Ejemplar Juicio contra activistas de Greenpeace por daños y desobediencia

Al banquillo tras prosperar la acusación particular de la empresa Azata del Sol; participaron hace 7 años en una acción reivindicativa en 2014 en el hotel construido en el paraje de El Algarrobico (Almería). Histórico que pongan alto a los excesos de la ONG.

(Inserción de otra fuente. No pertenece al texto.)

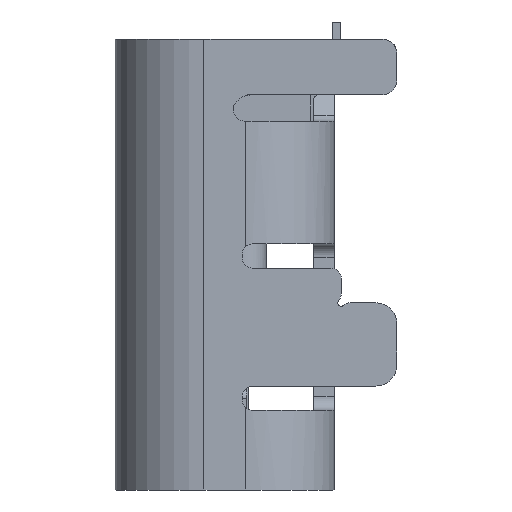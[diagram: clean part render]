
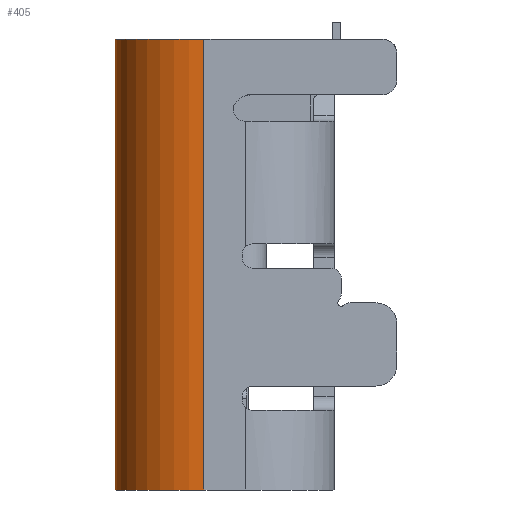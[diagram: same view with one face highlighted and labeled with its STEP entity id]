
A CAD part, left-side view. The second image highlights one B-rep face of the part: STEP entity #405.
In plain terms, the highlighted cylindrical face has radius 1.28 mm (diameter 2.56 mm), a partial arc.
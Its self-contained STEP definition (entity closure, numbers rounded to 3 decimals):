
#405=ADVANCED_FACE('',(#1435),#1436,.T.);
#1435=FACE_OUTER_BOUND('',#2888,.T.);
#1436=CYLINDRICAL_SURFACE('',#2889,1.28);
#2888=EDGE_LOOP('',(#6636,#6637,#6638,#6639));
#2889=AXIS2_PLACEMENT_3D('',#6640,#6641,#6642);
#6636=ORIENTED_EDGE('',*,*,#11093,.T.);
#6637=ORIENTED_EDGE('',*,*,#11185,.F.);
#6638=ORIENTED_EDGE('',*,*,#11186,.T.);
#6639=ORIENTED_EDGE('',*,*,#11187,.F.);
#6640=CARTESIAN_POINT('',(-3.19,0.393,-1.875));
#6641=DIRECTION('',(0.0,0.0,1.0));
#6642=DIRECTION('',(-1.0,0.0,0.0));
#11093=EDGE_CURVE('',#13967,#14001,#14003,.T.);
#11185=EDGE_CURVE('',#14147,#14001,#14148,.T.);
#11186=EDGE_CURVE('',#14147,#14149,#14150,.T.);
#11187=EDGE_CURVE('',#13967,#14149,#14151,.T.);
#13967=VERTEX_POINT('',#18326);
#14001=VERTEX_POINT('',#18370);
#14003=LINE('',#18373,#18374);
#14147=VERTEX_POINT('',#18579);
#14148=CIRCLE('',#18580,1.28);
#14149=VERTEX_POINT('',#18581);
#14150=LINE('',#18582,#18583);
#14151=CIRCLE('',#18584,1.28);
#18326=CARTESIAN_POINT('',(-3.19,1.673,3.125));
#18370=CARTESIAN_POINT('',(-3.19,1.673,-3.375));
#18373=CARTESIAN_POINT('',(-3.19,1.673,3.125));
#18374=VECTOR('',#22075,6.5);
#18579=CARTESIAN_POINT('',(-4.47,0.393,-3.375));
#18580=AXIS2_PLACEMENT_3D('',#22227,#22228,#22229);
#18581=CARTESIAN_POINT('',(-4.47,0.393,3.125));
#18582=CARTESIAN_POINT('',(-4.47,0.393,-3.375));
#18583=VECTOR('',#22230,6.5);
#18584=AXIS2_PLACEMENT_3D('',#22231,#22232,#22233);
#22075=DIRECTION('',(0.0,0.0,-1.0));
#22227=CARTESIAN_POINT('',(-3.19,0.393,-3.375));
#22228=DIRECTION('',(0.0,0.0,-1.0));
#22229=DIRECTION('',(-1.0,0.0,0.0));
#22230=DIRECTION('',(0.0,0.0,1.0));
#22231=CARTESIAN_POINT('',(-3.19,0.393,3.125));
#22232=DIRECTION('',(0.0,-0.0,1.0));
#22233=DIRECTION('',(0.,1.0,0.0));

A siete años que sucedieran los hechos; de abusos; excesos y desobediencia se vive un acontecimiento trascendental de procuración de justicia a la empresa del hotel El Algarrobico que sufrió los embates de “los activistas de Greenpeace”, organización civil con más de 3,2 millones de socios que tiene ahora en 2021; Greenpeace International, que tiene su sede en Ámsterdam, Países Bajos, con 26 oficinas regionales que operan en 55 países. Es una organización con millonario presupuesto y una fuerte estructura  mundial.​

Este juicio es ejemplar sobre todo para que las ONGs; no excedan y la procuración de justicia le dé la sanción o castigo a quien por derecho le corresponda.

El Juzgado de Instrucción 1 de Vera (Almería) ha abierto juicio oral contra los 28 activistas de Greenpeace que participaron en una acción reivindicativa en 2014 en el hotel construido en el paraje de El Algarrobico (Almería), quienes se enfrentan a penas de un año de prisión y multa de 24 meses a razón de seis euros al día.

El edificio, construido a 50 metros del mar, está condenado a la demolición según varios fallos judiciales en los últimos años, aunque la maraña de pleitos y recursos alrededor del caso no lo ha permitido todavía, pendiente de algún pronunciamiento final de la justicia o de una hipotética negociación entre las Administraciones y la empresa promotora.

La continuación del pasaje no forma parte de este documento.